*Task details*. Only the lines from the one with "83 -34 291 -80" to the end of the data below should be returned, each exactly as it stands.

====== Input data ======

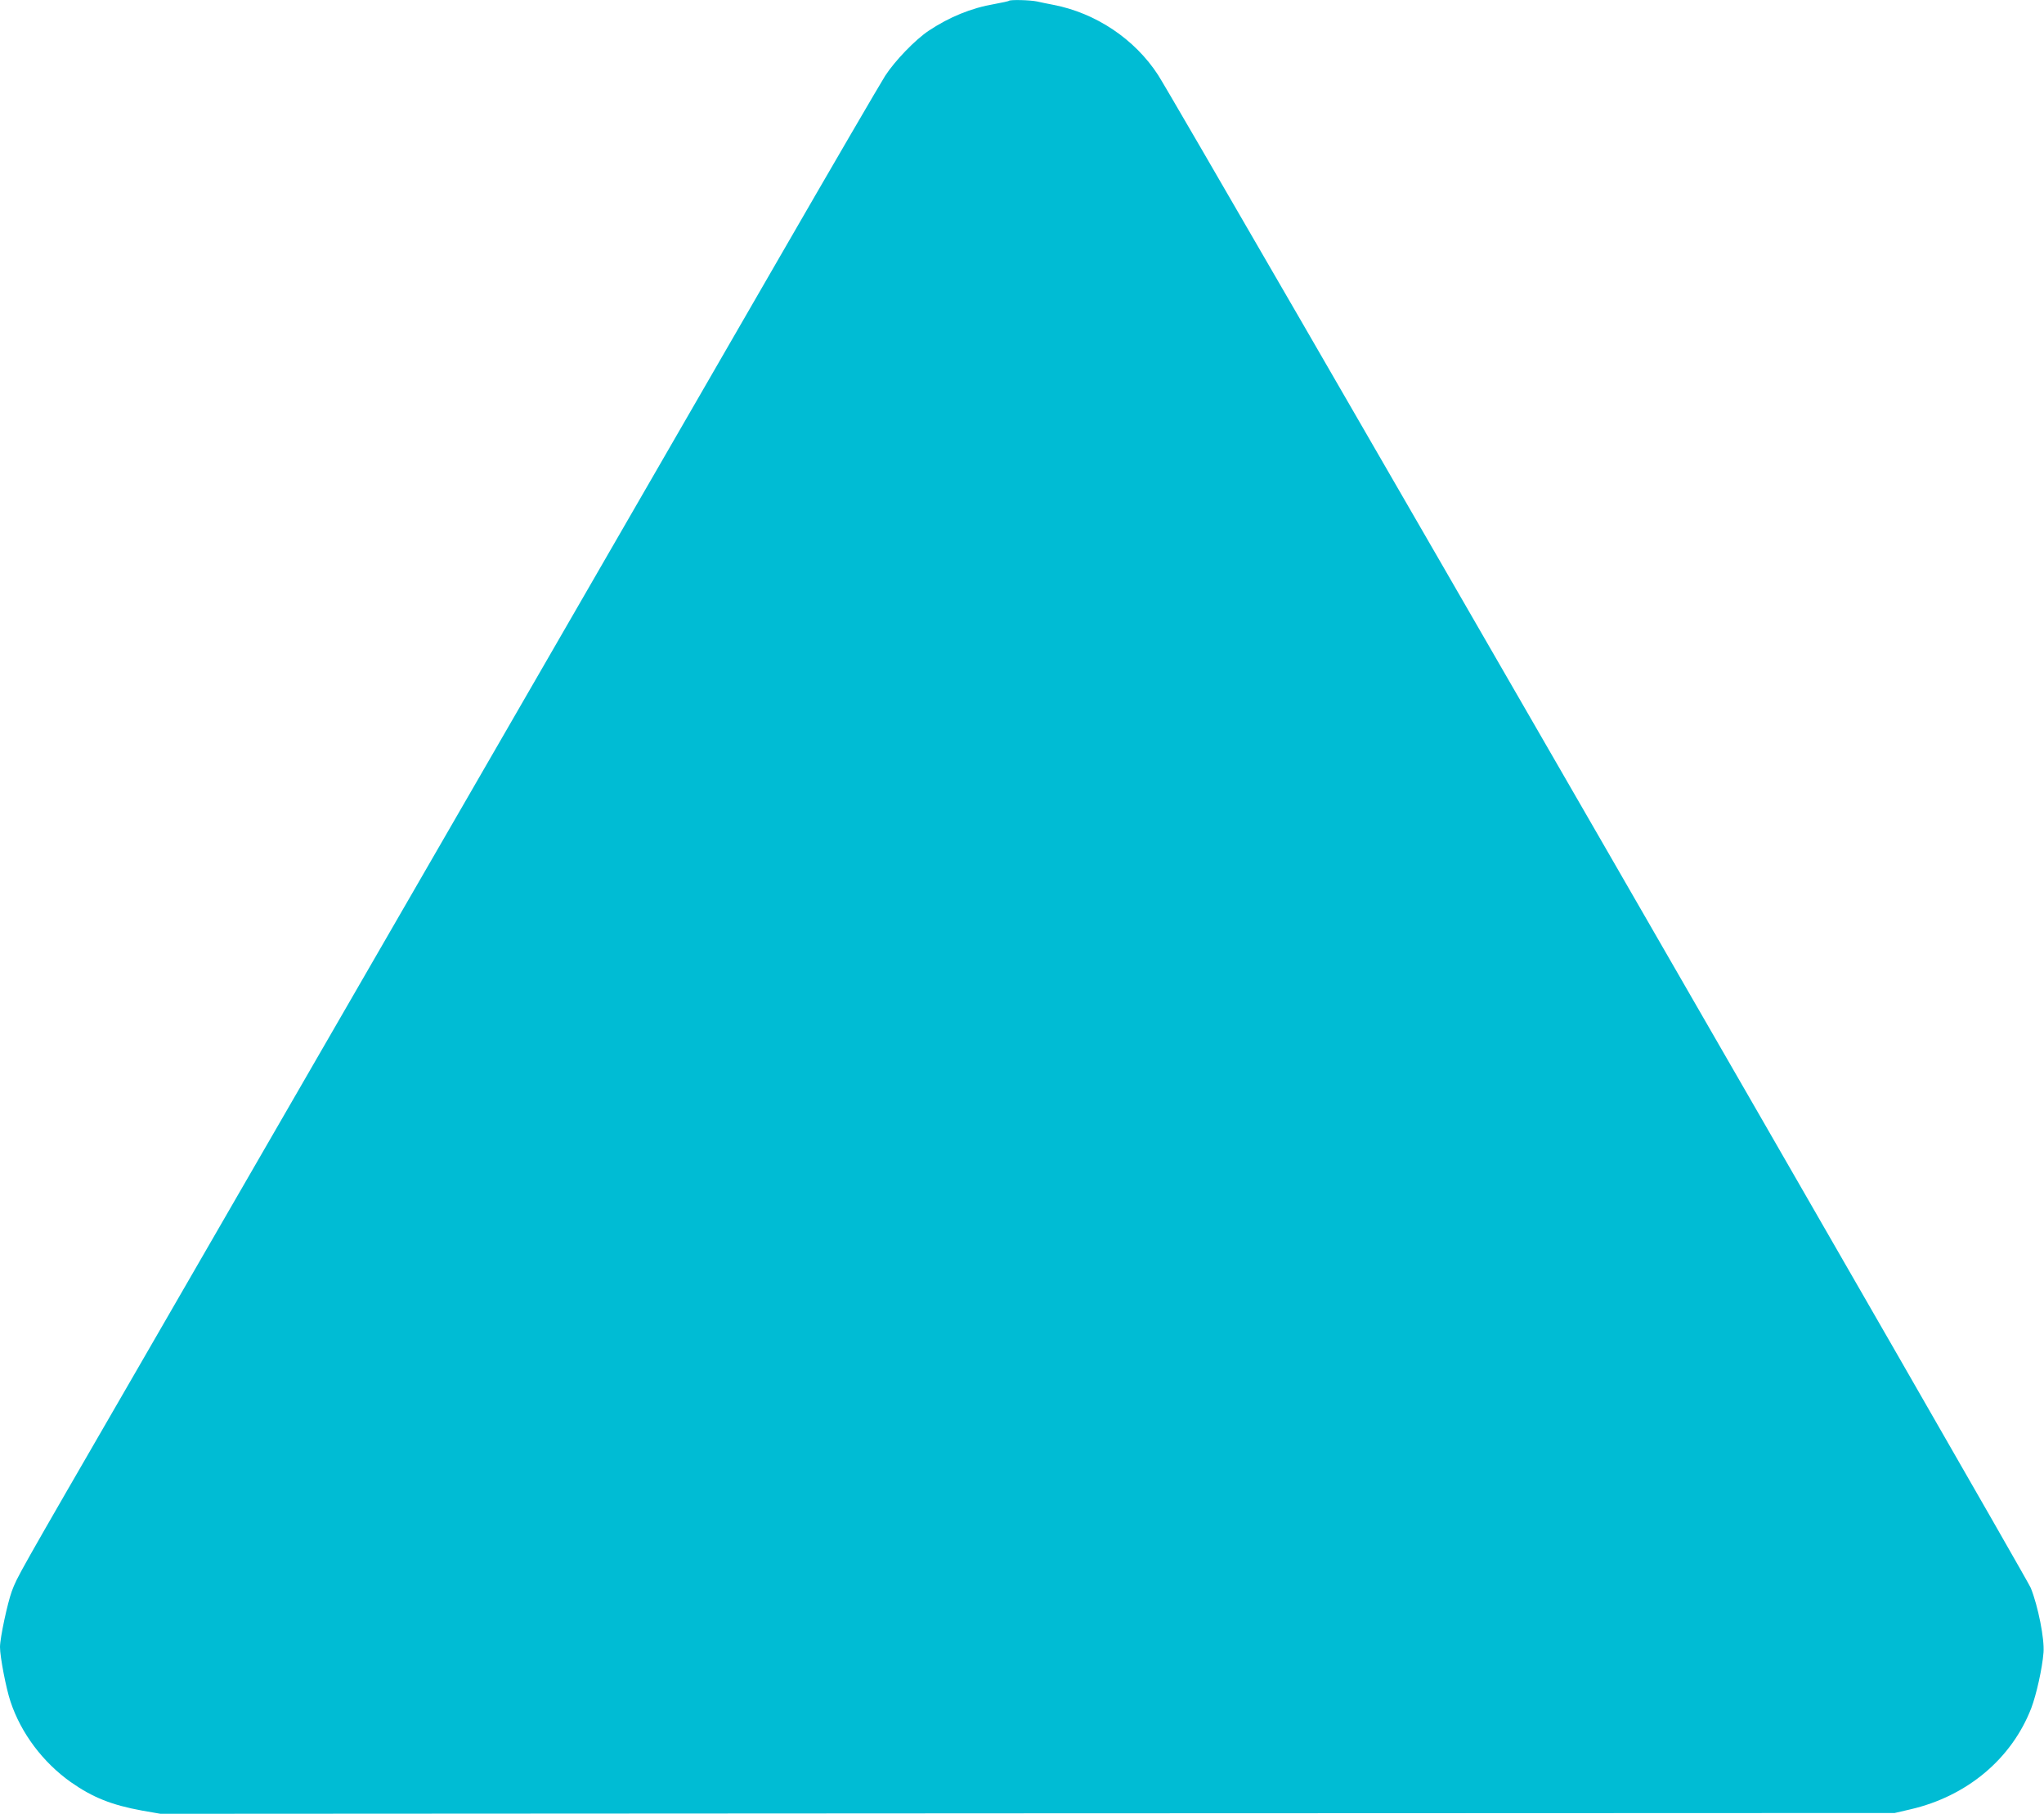 <?xml version="1.0" standalone="no"?>
<!DOCTYPE svg PUBLIC "-//W3C//DTD SVG 20010904//EN"
 "http://www.w3.org/TR/2001/REC-SVG-20010904/DTD/svg10.dtd">
<svg version="1.0" xmlns="http://www.w3.org/2000/svg"
 width="1280pt" height="1136pt" viewBox="0 0 1280 1136"
 preserveAspectRatio="xMidYMid meet">
<g transform="translate(0,1136) scale(0.1,-0.1)"
fill="#00bcd4" stroke="none">
<path d="M6318 11355 c-2 -3 -42 -11 -89 -20 -147 -25 -285 -82 -414 -168 -85
-57 -211 -188 -272 -282 -28 -44 -335 -570 -681 -1170 -695 -1204 -2922 -5061
-4017 -6956 -752 -1300 -735 -1271 -771 -1365 -27 -74 -74 -292 -74 -350 0
-61 38 -259 66 -342 66 -198 203 -380 378 -504 137 -96 255 -143 446 -178
l115 -20 5430 3 5430 2 99 23 c354 82 633 316 756 633 32 84 69 249 77 349 7
83 -34 291 -80 405 -30 74 -5340 9282 -5464 9474 -146 226 -391 390 -658 441
-33 6 -79 16 -102 21 -44 9 -166 12 -175 4z"/>
</g>
</svg>

======

*Output below*.
83 -34 291 -80 405 -30 74 -5340 9282 -5464 9474 -146 226 -391 390 -658 441
-33 6 -79 16 -102 21 -44 9 -166 12 -175 4z"/>
</g>
</svg>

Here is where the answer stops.